Executive Summary
The Boston Housing Market dataset is ubiquitous but imperfect: with problems like small size, inconsistent definitions, incorrect coordinates and many many. However, it is still a very rich dataset containing informative geographical information, powerful socioeconomic indicators, and continuous levels of Nitrogen Oxides (NOx). This project explores the effect of developing low income neighbourhoods on NOx. This involves three logical steps: 1) Verifying that the dataset is rich enough to form clusters of economic class, 2) train a regressor for predicting NOx values, and finally 3) creating synthetic data simulating ‘improved’ low income neighbourhoods by bootstrapping values from higher income classes, while keeping geographical constraints fixed. To address the first issue, K-means is used to cluster the towns into 3 income classes (low, medium and high). The second point is achieved through a Support Vector Regression model achieving an accuracy of 88%. The last issue is addressed by means of replacing non-geographically constrained attributes of the low income cluster with that of a bootstrapped sample from the high inocome cluster. The evidence suggests that improving low income neighbourhoods does indeed decrease overall NOx levels, giving non-humanitarian reasons for supporting social uplifting policy. This project also corrects erroneous longitude and latitude values of the Boston dataset using Google’s geocoder API. The code and documentation for this project can be found here.

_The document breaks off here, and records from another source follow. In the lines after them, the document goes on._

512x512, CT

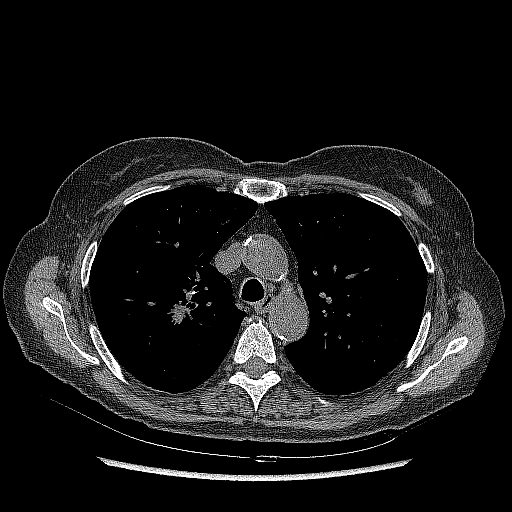 Lung tumor at box=[163, 302, 192, 327].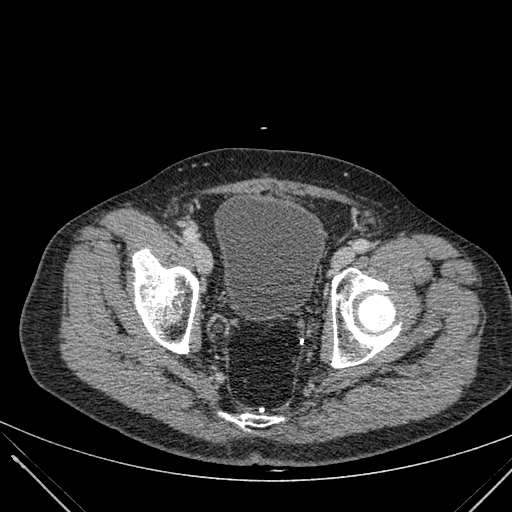 Pelvis; CT slice
{
  "urinary_bladder": [
    "214,198,325,317"
  ]
}
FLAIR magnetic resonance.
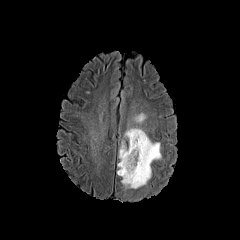
T1-weighted MR image.
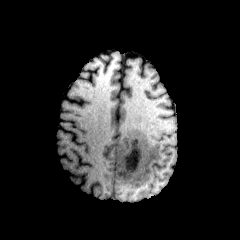
Post-contrast T1-weighted MRI.
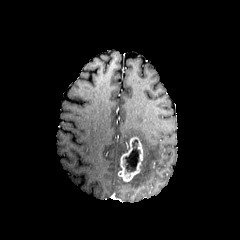
T2-weighted magnetic resonance.
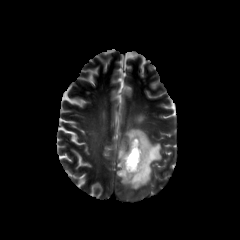
Head
Enhancing tumor at (117,137,143,182).
Edema at (134,113,145,122), (118,142,126,157), (121,128,161,191).
Non-enhancing tumor core at (124,139,140,172).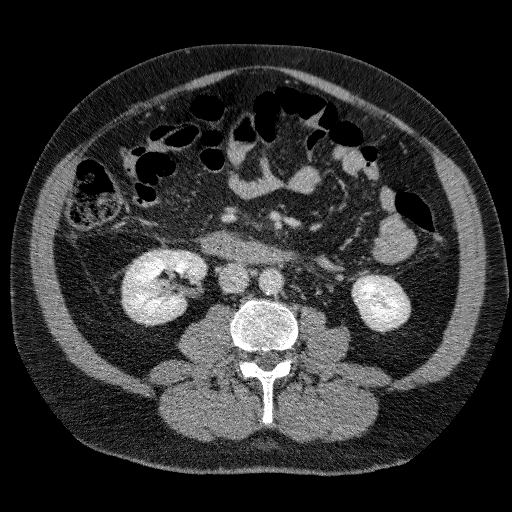

512x512 px; CT

2 kidney regions are bounded by [353, 276, 408, 330], [123, 251, 205, 323].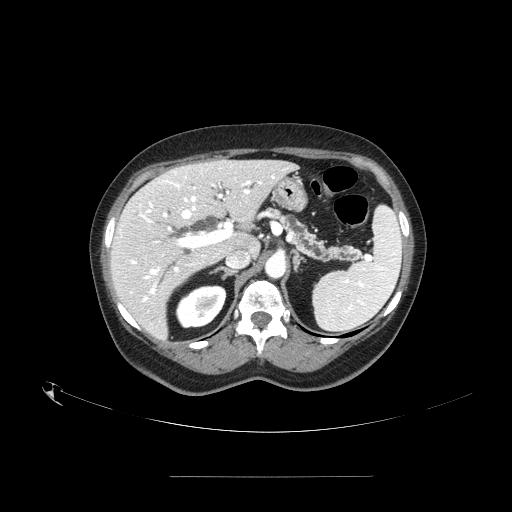 CT
Segmented structures:
* pancreas: (left=272, top=210, right=362, bottom=262)
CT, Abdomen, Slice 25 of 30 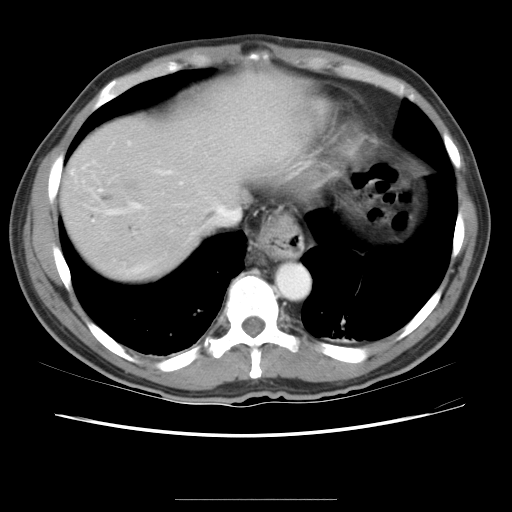
Some hepatic vessels may have no box.
Annotated regions:
- hepatic vessel: (157, 170, 170, 173), (104, 202, 140, 214), (209, 203, 239, 223), (128, 142, 129, 143), (205, 197, 209, 198)
- liver tumor: (117, 176, 142, 203)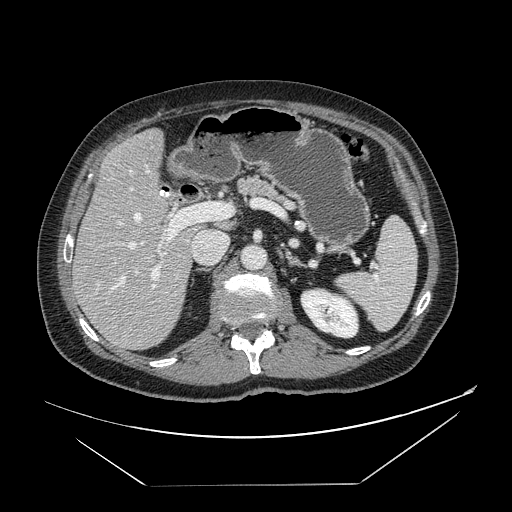

CT; 512x512
{
  "pancreas": [
    "236:176:286:202"
  ]
}

The aims and objectives of the project were defined as follows:
Explore novel avenues in famous Boston dataset
Typical projects with the Boston dataset focus on regression analyses on house prices, while others focus on a more geo-spatial analysis of the data (e.g. clustering). While both of these are quite interesting, our goal was to challenge ourselves by trying to answer a research question that could directly to policy recommendations.
Verify that dataset is informative to solve question
An important assumption our question makes is that the data is informative enough to create clusters of areas separated by income. Success Criteria: find clusters that are comparable to external literature.
Find the best model for predicting NOx levels
The project involves finding a regresion model to predict NOx levels, as well as choosing the best regressors for this. Success Criteria: find models that give high accuracy and normally distributed residuals.
Simulate 'development' in Low-income towns
This is the 'novel' part of this project. What does this mean that a town has been 'developed'? Are any parameters constrained, for example by geography? Are there socioeconomic parameters that could be changed by policy recommendations? Success Criteria: find a reasonable way to simulate 'development' in a low income town.